## What needs to be done
All the entries need to be duplicated exactly, with the pictures omitted.

*** Block opens ***

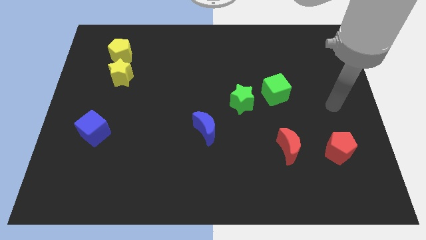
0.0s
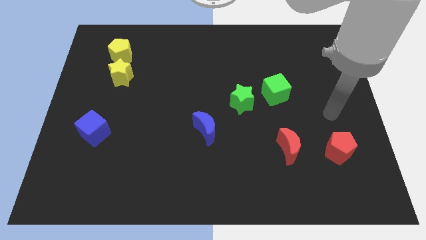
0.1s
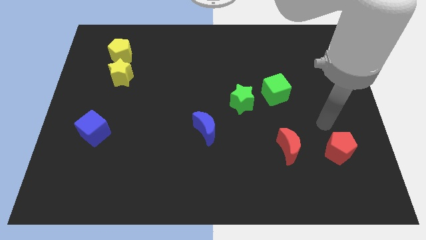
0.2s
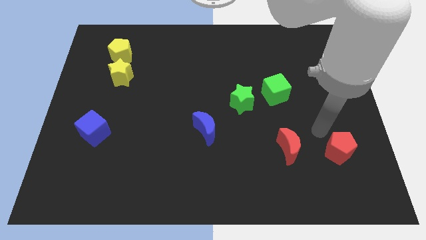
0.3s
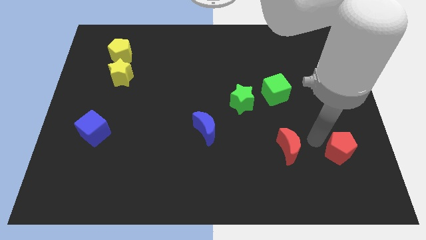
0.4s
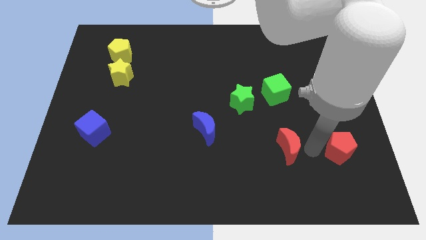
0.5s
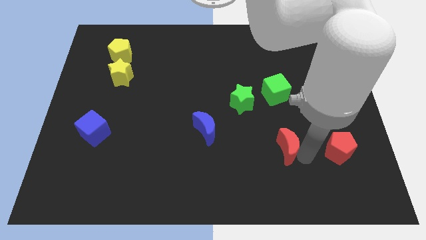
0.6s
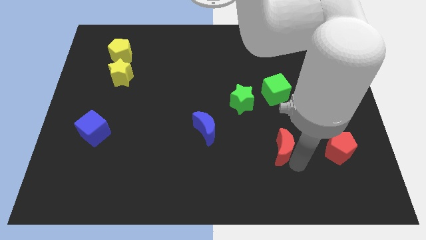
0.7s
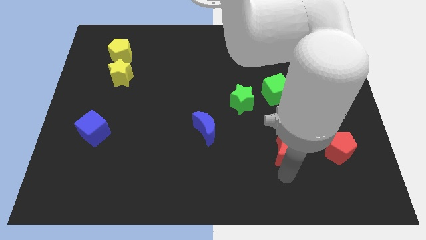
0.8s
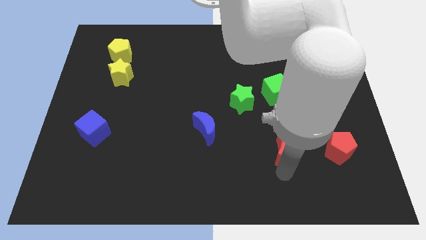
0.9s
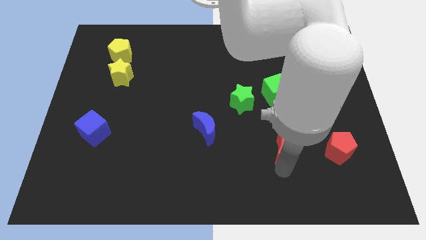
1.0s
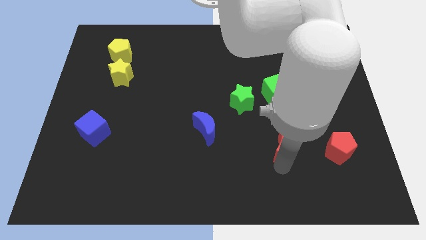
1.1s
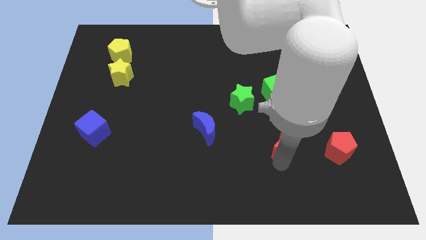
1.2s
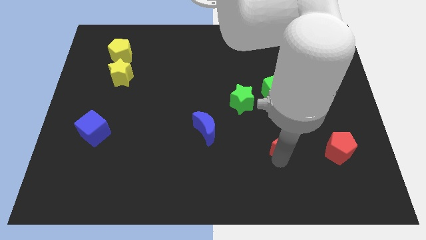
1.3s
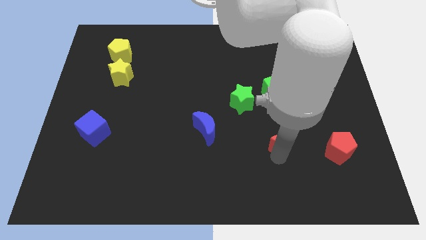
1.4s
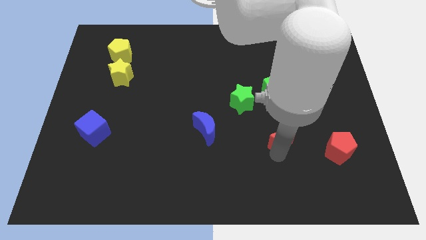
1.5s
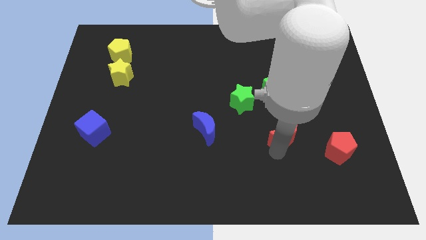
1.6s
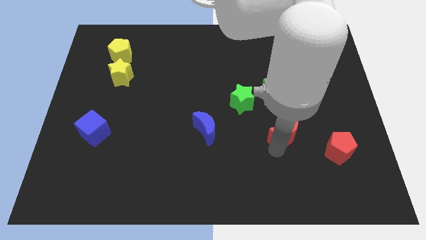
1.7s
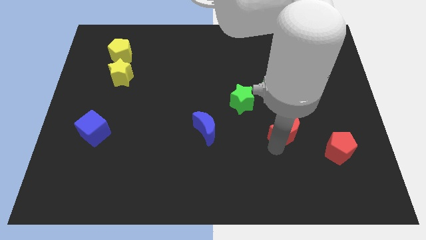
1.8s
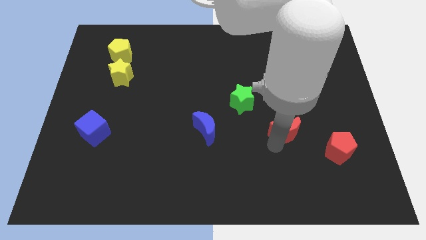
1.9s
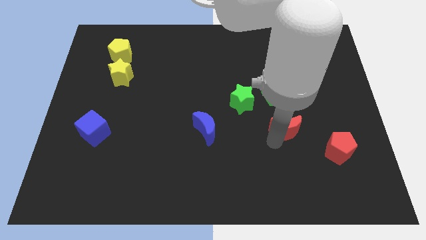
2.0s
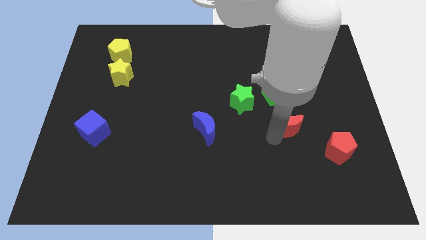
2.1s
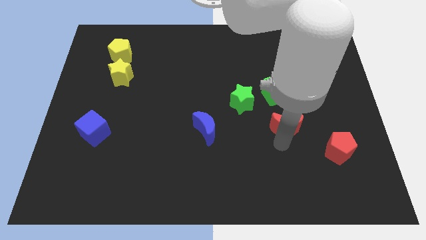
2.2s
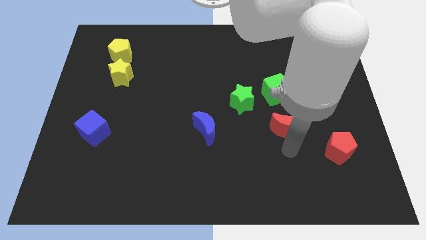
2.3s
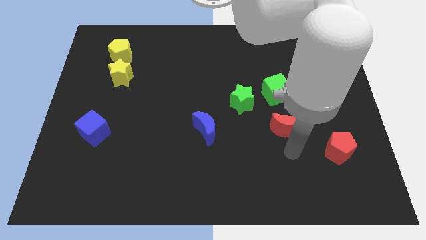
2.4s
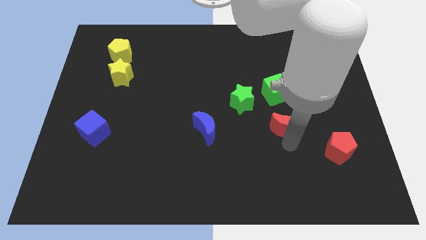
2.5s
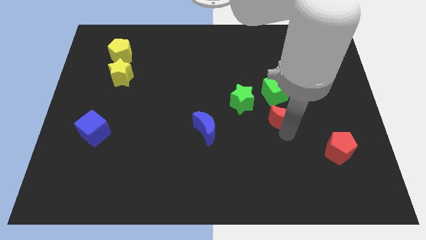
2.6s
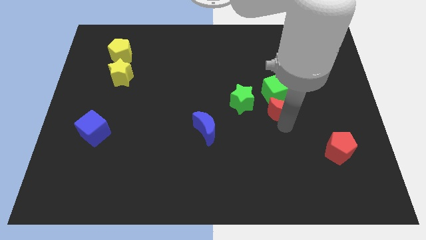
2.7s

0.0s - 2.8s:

*** Block closes ***

## Output of the exercise
0.0s
0.1s
0.2s
0.3s
0.4s
0.5s
0.6s
0.7s
0.8s
0.9s
1.0s
1.1s
1.2s
1.3s
1.4s
1.5s
1.6s
1.7s
1.8s
1.9s
2.0s
2.1s
2.2s
2.3s
2.4s
2.5s
2.6s
2.7s

0.0s - 2.8s:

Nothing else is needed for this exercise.